Hey SENSI, I don't have the NUTE information excepton the whurkle, shes not very fussy and just gets manufacturers recomendation. Aw evertbodys getting the recomended dose.


----------



## MichiganMedhead (Mar 24, 2011)

maineharvest said:
			
		

> Off to a great start!  Is the strain pronounced Blaze?  What are the four strains?  To my not so well trained eye they look a very light shade of green, have you been giving them any N yet?:hubba:




pretty sure it's blz bud ...as in beelzebub
peter from seedism, "blz bud is named after the devil because it is a very evil weed, is very potent and one of the most stable strains actualy from all the strains of which we have been working for many years now"


----------



## SKAGITMAGIC (Mar 27, 2011)

MichiganMedhead said:
			
		

> pretty sure it's blz bud ...as in beelzebub
> peter from seedism, "blz bud is named after the devil because it is a very evil weed, is very potent and one of the most stable strains actualy from all the strains of which we have been working for many years now"
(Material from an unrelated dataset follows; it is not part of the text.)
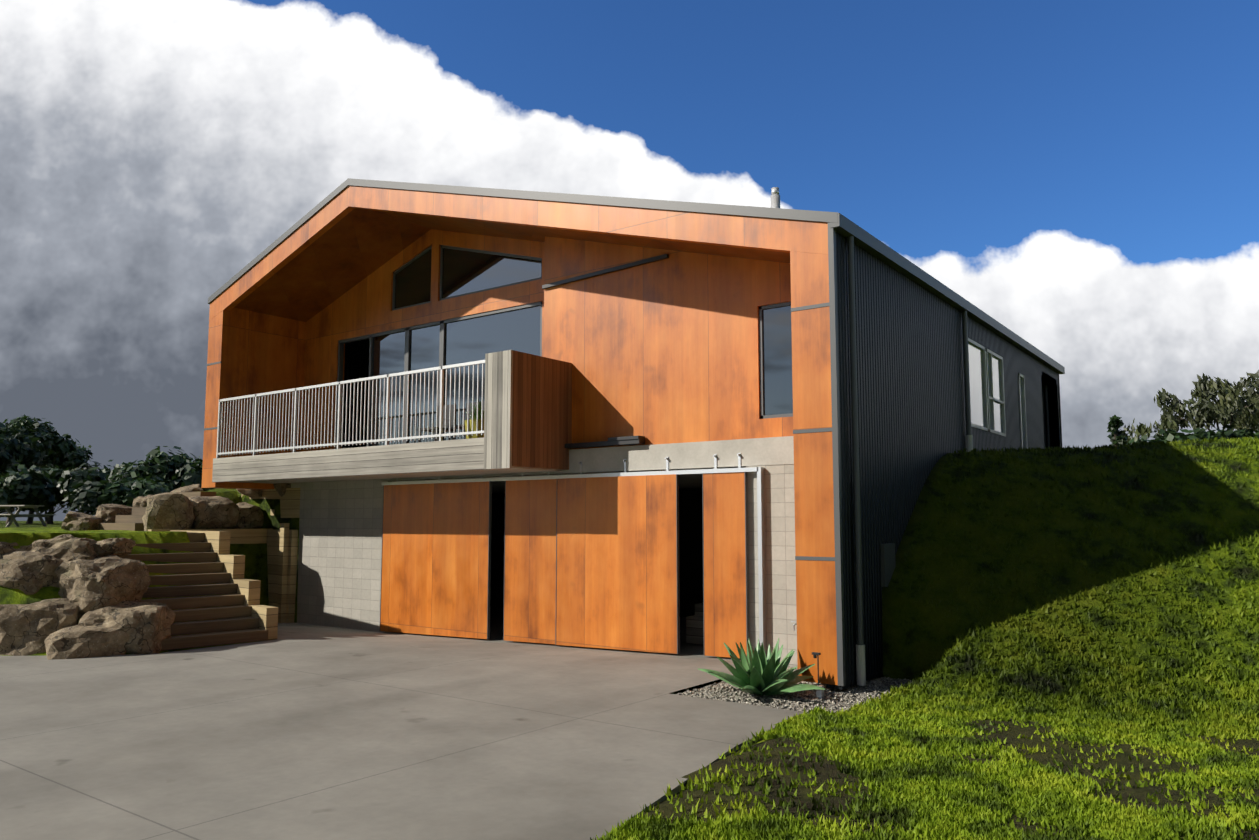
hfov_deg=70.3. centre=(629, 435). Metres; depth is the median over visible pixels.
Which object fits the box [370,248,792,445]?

  I didn't know where the name came from but just looked at probably same info you did, some healthy looking plants,the width of the leaves is unreal, I'm hopeing they do good outside, what I'm really hopeing for is some good taste,todays indica just doesn't have it like the stuff i grew in the late 70s. It's like the real stinks been bred out of it.


----------



## SKAGITMAGIC (Apr 15, 2011)

I put the BLZ in the flower room on 4/11, I'm leaving most in 1 gallon pots, i'll clone the females for outside grow this summer.Lack of space and bad planning is forceing this move, I gotta do what i gotta do.The DT in the closet is a space hog,Grows quick, anyway the leaves on the blz are the broadest I've ever seen. I can't cover them with a silver dollar, the;re a true inch and a half. Some healthy stock from seeds a bud got on Craigslist, I'm thinking of takeing a little pollen from my White widow stock and crossing it with the BLZ, I like growing from seed!!! a different breed of Craigslist killer.


----------



## SKAGITMAGIC (Apr 16, 2011)

Last night I ID'd a few females, one that towers over the rest i thought for sure would be male, she tricked me, i'll probably choose her to pollenate, I'm gonna generate some seeds from the BLZ, i'm a seed guy i guess. Real excited about this weed.


----------



## SKAGITMAGIC (Apr 19, 2011)

I sexed a few more on the BLZ grow. The guy who gave me these seeds told me they were feminized, and they were!!! about 50% of them were girls!! Anyway I RE- Cloned last night, I traded 10 of my clones for a CO2 set-up, the tank anyway.


----------



## SKAGITMAGIC (Apr 24, 2011)

Well I cornered the dude who gave me the BLZ seed, contrary to an earlier post, I got 11 females from 13 seeds, anyway the father plant of these seeds was a Super Silver Haze, only the mom was BLZ., nice little flowers are forming!!! I'll post some pics later, Growin weed for me's kinda like fishin, I lose real interest after the fish quits wiggleing, I looked at the Whurkle Trichomes last night, getting a little milky, definetly not as crystal clear as they were a week ago, almost time to move them to the finishing shed. I water a last time them put them in cool total darkness for about a week to 10 days,then i give them to the MRS. she trims the plants, then I cut em down and hang em in the same cool shed.


----------



## SKAGITMAGIC (Jun 15, 2011)

The Blz has some serious dense buds, every Trichome is cloudy, the plant I pollinated has real red hairs compared to her sisters, I'm looking forward to smokeing this strain, I gave away some c99 clones today,  in return I'm getting a local flavorite called hootinanny, lol.  I may give state street another go this year. Entered the grow room looking for light leaks today, Flowers showing me some weird growth,  found plenty where caulking had shrunk around boarded window. Also some light comeing under door, My BAD!!


----------



## bho_expertz (Jun 15, 2011)

Sick buds


----------



## 3patas (Jun 15, 2011)

looking good keep the good work up


----------